Quatre jeunes petits-ducs scops, la plus petite espèce de hibou de France, ont retrouvé leur liberté ce mercredi 5 août à Sainte-Croix, en Aveyron. Après plusieurs semaines de soins et de réhabilitation au Centre régional de sauvegarde de la faune sauvage caussenarde (CRSFSC) de Millau, ces oiseaux ont été relâchés au hameau de La Valette. Tombés prématurément de leurs nids dans l'Aveyron et l'Hérault, ils avaient été recueillis par le centre pour être soignés, nourris et réhabilités avant de regagner leur milieu naturel.
Une méthode de relâcher progressive
Les jeunes oiseaux ont été relâchés selon la méthode dite « au taquet ». Ils ont d'abord été installés dans un nichoir pendant plusieurs jours, où ils ont continué à être nourris. Le nichoir a ensuite été ouvert pour leur permettre d'effectuer leurs premiers vols. La nourriture continue d'y être déposée jusqu'à ce qu'ils deviennent totalement indépendants. Cette approche progressive vise à maximiser leurs chances de survie dans la nature.
Un migrateur au long cours
Le petit-duc scops est un migrateur qui parcourt chaque année plusieurs milliers de kilomètres entre l'Europe et ses quartiers d'hiver en Afrique subsaharienne. Dans quelques semaines, ces quatre jeunes oiseaux entreprendront leur première grande migration, un périple périlleux qui nécessite une condition physique optimale. Grâce aux soins du CRSFSC, ils sont désormais prêts à relever ce défi.

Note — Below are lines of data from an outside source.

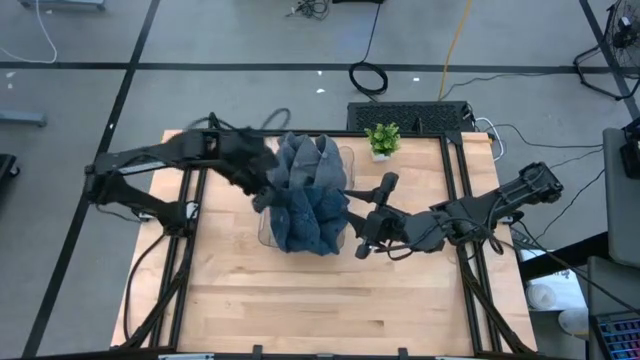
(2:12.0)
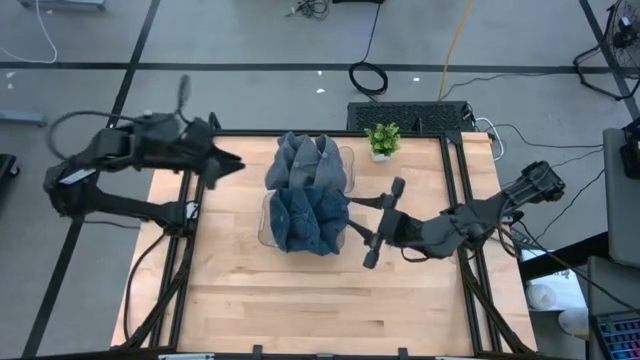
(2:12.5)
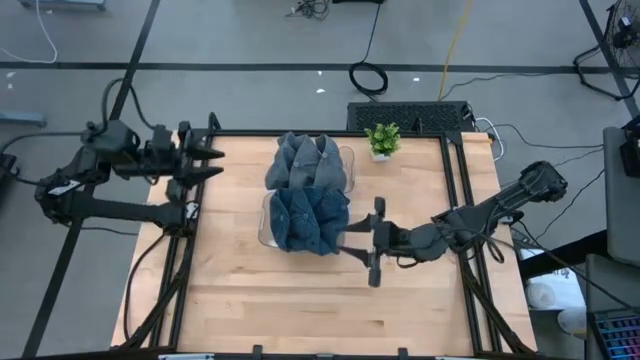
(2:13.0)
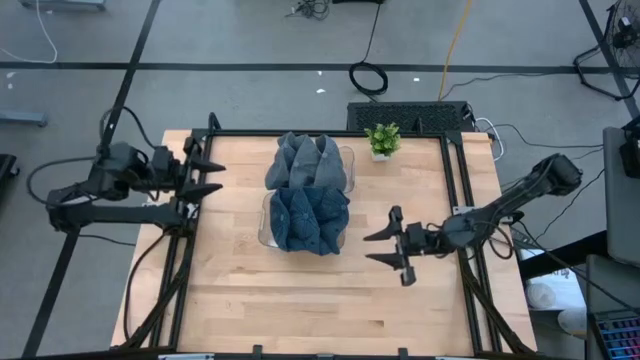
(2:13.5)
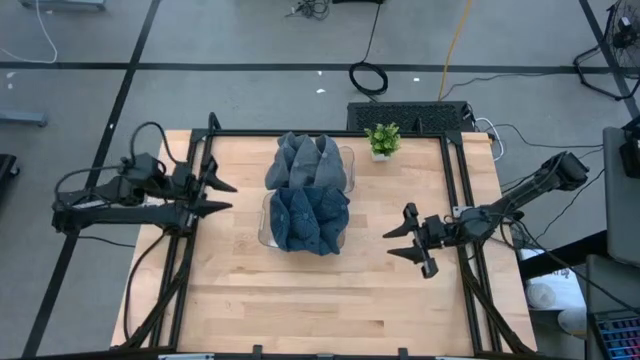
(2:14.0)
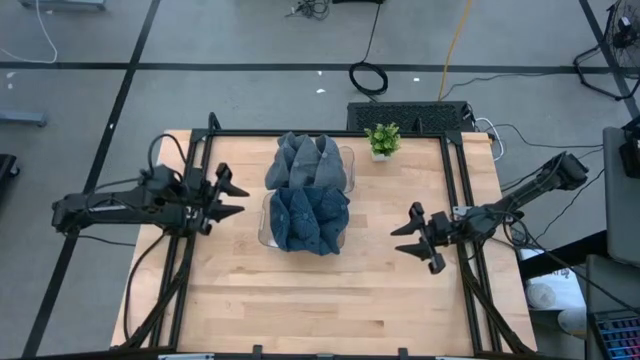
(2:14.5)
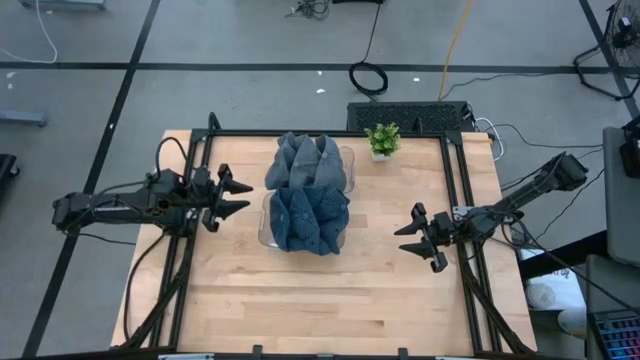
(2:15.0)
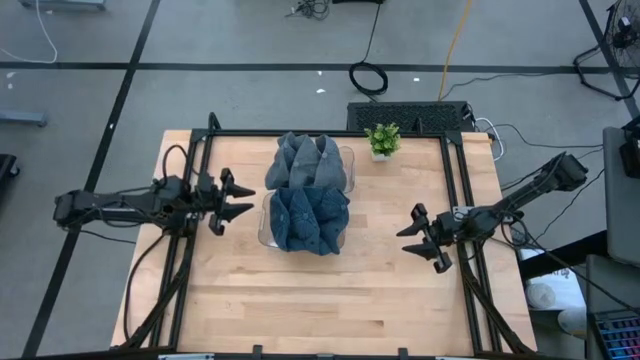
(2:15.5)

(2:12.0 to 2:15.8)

Un afflux exceptionnel d'animaux cet été
Depuis le début de l'été, le CRSFSC fait face à une situation particulièrement tendue en raison des fortes chaleurs. Fin juin, jusqu'à 50 animaux ont été accueillis en une seule journée, et plusieurs centaines en seulement quelques jours, un afflux bien supérieur aux capacités habituelles du centre. Face à cette situation exceptionnelle, l'association a été contrainte de fermer temporairement son accueil et de limiter les prises en charge aux cas les plus urgents.
Un bilan déjà lourd
Depuis le début de l'année, le CRSFSC a déjà accueilli plus de 400 animaux sauvages en détresse, représentant près de 4 600 heures de travail. Ce chiffre illustre l'ampleur de la mission du centre, qui poursuit ses activités tout l'été malgré les difficultés. Pour continuer à sauver la faune sauvage, le centre recherche toujours des soutiens, qu'il s'agisse de dons financiers, de matériel, de nourriture adaptée ou de toute autre aide utile à son fonctionnement quotidien.
Un appel à la solidarité
Le CRSFSC lance un appel à la générosité du public pour faire face à cet afflux exceptionnel. Chaque don, qu'il soit financier ou en nature, contribue à la survie des animaux pris en charge. Les bénévoles et les soigneurs du centre travaillent sans relâche pour offrir une seconde chance à ces créatures vulnérables. La libération de ces quatre petits-ducs scops est une victoire, mais elle ne doit pas faire oublier les nombreux autres animaux qui ont encore besoin d'aide.